Our review of a ruling on summary judgment is de novo, applying the same legal standard as the trial court, namely, the standard set forth in Rule 4:46-2(c). Conley v. Guerrero, 228 N.J. 339, 346 (2017). Thus, we consider, as Judge Pickering did, whether "the competent evidential materials presented, when viewed in the light most favorable to the non-moving party, are sufficient to permit a rational factfinder to resolve the alleged disputed issue in favor of the non-moving party." Town of Kearny v. Brandt, 214 N.J. 76, 91 (2013) (quoting Brill v. Guardian Life Ins. Co. of Am., 142 N.J. 520, 540 (1995)).
If, as here, there is no genuine issue of material fact, we must then "decide whether the trial court correctly interpreted the law." Dickson v. Cmty. Bus Lines, 485 N.J. Super. 522, 534-35 (App. Div. 2019) (citing Prudential Prop. & Cas. Co. v. Boylan, 307 N.J. Super. 162, 167 (App. Div. 1998)). We accord no deference to the trial judge's conclusions of law and review these issues de novo. Nicholas v. Mynster, 213 N.J. 463, 478 (2013). However, this court should affirm the judgment if it concludes that the trial court's conclusions of law were correct.
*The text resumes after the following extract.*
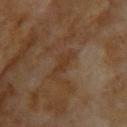follow-up: imaged on a skin check; not biopsied
subject: female, aged 58 to 62
body site: the head or neck
image source: total-body-photography crop, ~15 mm field of view

Henry v. N.J. Dept. of Human Servs., 204 N.J. 320, 330 (2010).
We have considered the Borough's contentions in light of the record and applicable legal principles and conclude they are without sufficient merit to warrant further discussion in a written opinion. R. 2:11-3(e)(1)(E). We are satisfied that Judge Pickering properly granted summary judgment to the Fund, and affirm substantially for the reasons expressed in his April 25, 2018 written opinion. I hereby certify that the foregoing is a true copy of the original on file in my office.